Editor: This is "Hier kunt g'o lieve jeugd! een zestal kunstgebouwen, / Tot uw verlustiging, in deze prent beschouwen" a print made sometime between 1806 and 1858 by Willem Carl Wansleven. It is an engraving depicting various cityscapes in separate panels. The images look almost like scenes from a storybook! What draws your eye, and how do you interpret this work? Curator: The seemingly innocent storybook quality belies a deeper purpose. I am drawn to consider these cityscapes through the lens of nationhood and identity formation in the Romantic era. Wansleven produced this print during a period of immense social and political upheaval, when ideas of national identity were being actively constructed and promoted. How do you think these images may relate to these grand narratives?

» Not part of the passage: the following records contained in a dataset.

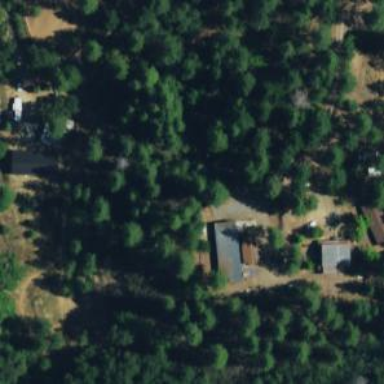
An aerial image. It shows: Simple house.
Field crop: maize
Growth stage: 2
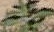
Species: atriplex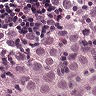
Metastatic tissue present: yes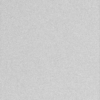
Label: dusty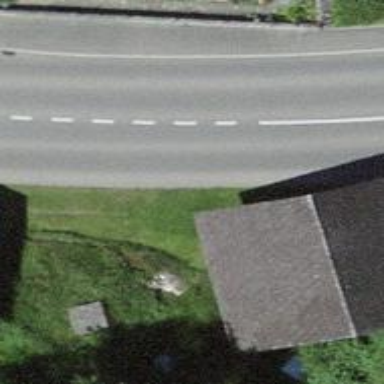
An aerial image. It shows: Rural barn.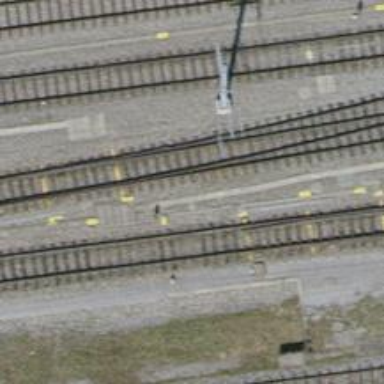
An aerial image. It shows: Railway switch.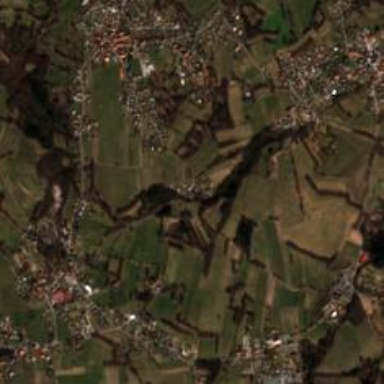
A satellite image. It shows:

Editor: Well, they depict very different locations; that top right panel looks like an idealized rural landscape, and the panel at the bottom looks like an imperial monument of some sort. Curator: Exactly! Think about the role that these kinds of images – idealized landscapes, historical cityscapes, imposing monuments – played in fostering a shared sense of belonging and pride within a population. Consider, too, who had access to such images and who was excluded, and how this piece explicitly targets the youth. Wansleven seems to be participating in the construction of a Dutch identity, offering an idealized vision of the nation's history and present. It is like carefully curated historical accounts, presenting a particular version of "Dutchness". Editor: So it's less a collection of pleasant views, and more about shaping perception and creating a shared past? Curator: Precisely! Looking at art of the past as building blocks of societal consciousness. Editor: I will never look at old prints the same way. This gives me a new lens to consider artworks!